De traditionele opvattingen over de hel als plaats van eeuwige kwelling staan, volgens het onderzoek, stevig onder druk. Meer dan de helft van de predikanten gelooft niet dat de hel een plaats van eeuwige kwelling is. Liever spreekt men van „gescheiden zijn van God.” „De moeite met wat eeuwenlang een nagenoeg onbetwist dogma in de kerk was, blijkt groot”, aldus het opinieblad. Zo zegt een op de vier gemeenteleden de hel te ervaren als een „echt moeilijk punt in het geloof.” Eenderde van de predikanten preekt nooit over de hel. Voor 21 procent van de ondervraagde voorgangers is het langer dan twee of zelfs vijf jaar geleden dat ze over de hel preekten. Van de predikanten vindt 27 procent de hel zo’n lastig onderwerp dat we er maar niet te veel en te concreet over moeten spreken „zeker niet met buitenkerkelijken.” Volgens het onderzoek vindt 28 procent van de predikanten de hel eigenlijk maar een theoretische kwestie; voor je geloofsleven „doet het er niet zo toe.”
Slechts 6 procent van de ondervraagde predikanten preekt veelvuldig over de hel. In Gereformeerde-Bondsgemeenten wordt nog het meest over de hel gepreekt: een op de vijf predikanten doet dat veelvuldig. Van de ondervraagde predikanten uit de Christelijke Gereformeerde Kerken (CGK), de Nederlands gereformeerde kerken (NGK) en de evangelische gemeenten zegt niemand vaak over dit onderwerp te preken. „Het is niet zo dat ik het niet ter sprake wil brengen”, tekent een predikant uit de CGK aan, „maar ik worstel met de vraag hoe, wanneer en op wat voor een manier.”
Juist in de kerken waar het minst over de hel gepreekt wordt, leeft de grootste moeite.

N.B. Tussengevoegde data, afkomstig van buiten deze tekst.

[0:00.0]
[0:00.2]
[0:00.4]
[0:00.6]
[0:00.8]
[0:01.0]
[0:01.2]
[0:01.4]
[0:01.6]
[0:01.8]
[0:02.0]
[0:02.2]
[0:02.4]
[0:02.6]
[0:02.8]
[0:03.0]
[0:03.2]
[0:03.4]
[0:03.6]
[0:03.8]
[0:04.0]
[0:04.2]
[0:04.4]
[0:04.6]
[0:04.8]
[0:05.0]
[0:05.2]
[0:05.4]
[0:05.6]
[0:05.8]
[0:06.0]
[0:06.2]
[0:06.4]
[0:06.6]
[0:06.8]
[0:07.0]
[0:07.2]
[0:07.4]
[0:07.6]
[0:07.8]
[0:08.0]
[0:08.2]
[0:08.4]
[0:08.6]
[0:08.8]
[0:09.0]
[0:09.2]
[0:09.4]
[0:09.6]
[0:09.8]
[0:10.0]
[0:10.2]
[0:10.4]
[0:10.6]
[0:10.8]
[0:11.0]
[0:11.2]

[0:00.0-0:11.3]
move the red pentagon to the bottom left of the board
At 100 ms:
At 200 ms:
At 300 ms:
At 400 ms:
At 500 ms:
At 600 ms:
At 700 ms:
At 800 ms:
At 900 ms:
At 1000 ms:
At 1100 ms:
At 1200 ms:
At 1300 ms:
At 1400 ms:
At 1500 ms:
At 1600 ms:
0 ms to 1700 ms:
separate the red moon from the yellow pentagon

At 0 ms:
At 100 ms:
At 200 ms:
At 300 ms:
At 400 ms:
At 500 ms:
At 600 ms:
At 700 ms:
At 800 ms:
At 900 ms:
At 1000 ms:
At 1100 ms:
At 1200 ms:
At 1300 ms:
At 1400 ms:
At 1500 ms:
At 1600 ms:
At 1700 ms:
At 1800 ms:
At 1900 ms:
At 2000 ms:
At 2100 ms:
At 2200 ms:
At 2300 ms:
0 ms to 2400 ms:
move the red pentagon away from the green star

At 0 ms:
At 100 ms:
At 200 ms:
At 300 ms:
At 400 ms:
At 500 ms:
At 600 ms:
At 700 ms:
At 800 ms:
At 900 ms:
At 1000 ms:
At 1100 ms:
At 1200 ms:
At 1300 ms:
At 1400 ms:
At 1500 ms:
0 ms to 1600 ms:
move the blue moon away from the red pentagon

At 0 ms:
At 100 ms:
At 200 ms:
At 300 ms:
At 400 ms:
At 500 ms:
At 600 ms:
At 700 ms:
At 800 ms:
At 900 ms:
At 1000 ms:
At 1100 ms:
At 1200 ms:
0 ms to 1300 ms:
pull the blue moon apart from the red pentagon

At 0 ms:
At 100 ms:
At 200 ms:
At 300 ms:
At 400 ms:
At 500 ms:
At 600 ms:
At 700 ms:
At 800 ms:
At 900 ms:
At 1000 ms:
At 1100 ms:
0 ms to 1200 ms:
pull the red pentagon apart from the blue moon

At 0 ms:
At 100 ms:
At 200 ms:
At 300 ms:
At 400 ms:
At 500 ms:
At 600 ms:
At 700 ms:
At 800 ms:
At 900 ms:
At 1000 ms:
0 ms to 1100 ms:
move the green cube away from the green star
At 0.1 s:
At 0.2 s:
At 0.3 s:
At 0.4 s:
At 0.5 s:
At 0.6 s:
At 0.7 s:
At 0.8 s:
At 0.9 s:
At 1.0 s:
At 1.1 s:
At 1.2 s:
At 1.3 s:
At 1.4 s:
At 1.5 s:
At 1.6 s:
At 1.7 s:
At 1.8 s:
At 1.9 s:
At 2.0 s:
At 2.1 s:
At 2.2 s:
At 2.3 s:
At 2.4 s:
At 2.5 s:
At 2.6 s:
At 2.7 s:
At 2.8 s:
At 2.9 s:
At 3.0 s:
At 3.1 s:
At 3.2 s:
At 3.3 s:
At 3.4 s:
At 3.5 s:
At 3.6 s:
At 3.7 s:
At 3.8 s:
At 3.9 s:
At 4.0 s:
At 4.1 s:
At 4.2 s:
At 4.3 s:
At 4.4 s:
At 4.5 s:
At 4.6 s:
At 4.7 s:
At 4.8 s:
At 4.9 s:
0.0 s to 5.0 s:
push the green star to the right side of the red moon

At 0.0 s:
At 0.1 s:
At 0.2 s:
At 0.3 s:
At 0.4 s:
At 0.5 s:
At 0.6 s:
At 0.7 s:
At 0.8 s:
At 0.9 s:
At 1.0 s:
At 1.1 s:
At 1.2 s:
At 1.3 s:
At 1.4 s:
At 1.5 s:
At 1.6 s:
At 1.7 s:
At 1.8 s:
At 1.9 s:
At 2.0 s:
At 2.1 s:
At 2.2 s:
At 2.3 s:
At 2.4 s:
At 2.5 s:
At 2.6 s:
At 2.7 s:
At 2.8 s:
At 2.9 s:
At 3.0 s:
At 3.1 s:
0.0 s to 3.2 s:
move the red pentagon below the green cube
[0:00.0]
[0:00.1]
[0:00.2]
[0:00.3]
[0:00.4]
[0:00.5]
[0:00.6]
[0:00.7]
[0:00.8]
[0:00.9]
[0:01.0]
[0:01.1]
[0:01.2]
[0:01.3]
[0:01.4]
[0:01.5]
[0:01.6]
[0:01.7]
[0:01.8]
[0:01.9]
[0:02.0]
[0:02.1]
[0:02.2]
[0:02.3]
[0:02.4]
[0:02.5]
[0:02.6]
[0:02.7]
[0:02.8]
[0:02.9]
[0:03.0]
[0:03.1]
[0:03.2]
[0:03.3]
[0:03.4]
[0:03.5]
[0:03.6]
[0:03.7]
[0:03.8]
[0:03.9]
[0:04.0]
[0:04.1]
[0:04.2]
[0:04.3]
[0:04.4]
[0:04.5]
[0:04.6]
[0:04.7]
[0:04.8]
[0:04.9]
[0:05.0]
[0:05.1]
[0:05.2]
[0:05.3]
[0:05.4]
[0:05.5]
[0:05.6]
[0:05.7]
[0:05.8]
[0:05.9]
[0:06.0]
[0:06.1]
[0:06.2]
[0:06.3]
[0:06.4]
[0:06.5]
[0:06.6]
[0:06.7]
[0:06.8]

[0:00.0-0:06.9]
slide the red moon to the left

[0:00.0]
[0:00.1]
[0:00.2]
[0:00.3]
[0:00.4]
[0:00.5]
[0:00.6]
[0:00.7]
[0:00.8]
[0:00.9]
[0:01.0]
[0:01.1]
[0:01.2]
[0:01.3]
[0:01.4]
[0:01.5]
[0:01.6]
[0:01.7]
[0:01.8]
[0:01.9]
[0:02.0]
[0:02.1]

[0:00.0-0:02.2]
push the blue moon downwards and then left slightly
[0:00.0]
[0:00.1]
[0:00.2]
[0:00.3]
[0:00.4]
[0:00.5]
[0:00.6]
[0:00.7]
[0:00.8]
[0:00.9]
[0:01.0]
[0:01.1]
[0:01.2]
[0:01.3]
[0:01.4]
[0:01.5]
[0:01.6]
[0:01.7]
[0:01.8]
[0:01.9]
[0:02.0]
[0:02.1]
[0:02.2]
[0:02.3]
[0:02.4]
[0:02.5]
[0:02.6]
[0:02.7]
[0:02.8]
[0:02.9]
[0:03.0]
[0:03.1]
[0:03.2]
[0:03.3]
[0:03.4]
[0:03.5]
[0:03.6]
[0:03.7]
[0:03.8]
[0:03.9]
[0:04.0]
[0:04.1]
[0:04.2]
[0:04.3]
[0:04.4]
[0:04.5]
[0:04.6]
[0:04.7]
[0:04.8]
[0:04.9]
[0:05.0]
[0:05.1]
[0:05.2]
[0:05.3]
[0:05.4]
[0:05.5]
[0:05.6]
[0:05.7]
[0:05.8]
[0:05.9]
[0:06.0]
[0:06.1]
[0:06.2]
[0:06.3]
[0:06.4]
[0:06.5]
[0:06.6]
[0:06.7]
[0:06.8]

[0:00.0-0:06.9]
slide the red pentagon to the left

De stelling dat preken over de hel angst oproepen, wordt volgens CV.Koers door de resultaten van het onderzoek weerlegd. Juist van de ondervraagden uit de NGK antwoordde 8 procent bevestigend op de vraag ”Bent u bang dat u misschien zelf in de hel zult komen?”. Onder de Gereformeerde Bonders antwoordde niemand bevestigend op deze vraag.
Van de CGK-predikanten ziet 17 procent de hel wel als een plaats van eeuwige kwelling. In de NGK is dat 13 procent, bij de predikanten uit de Gereformeerde Kerken vrijgemaakt 74 procent en onder de Gereformeerde-Bondspredikanten 75 procent.
De gemeenteleden antwoordden volgens het onderzoek een stuk behoudender. Tweederde van hen denkt dat de hel een plaats van eeuwige kwelling is. Eenderde denkt dat het geen plaats is van kwelling, maar een eeuwige scheiding van God. „Of hebben de predikanten eerlijker geantwoord omdat hun enquête anoniem was?”, zo vraagt CV.Koers zich af.
Op de vraag in hoeverre de wetenschap dat er een eeuwig oordeel is een drijfveer is om het Evangelie te verkondigen, antwoordt 42 procent van de evangelischen en 38 procent van de Gereformeerde Bonders bevestigend. Onder Nederlands gereformeerden is dit 8 procent. Onder de ondervraagde CV.Koers-lezers die behoren tot de Gereformeerde Gemeenten is 96 procent van mening dat de hel een plaats van eeuwige kwelling is. Achttien procent zegt dat dit hen beweegt tot de verkondiging van het Evangelie en 68 procent geeft aan dat het daar niet van komt.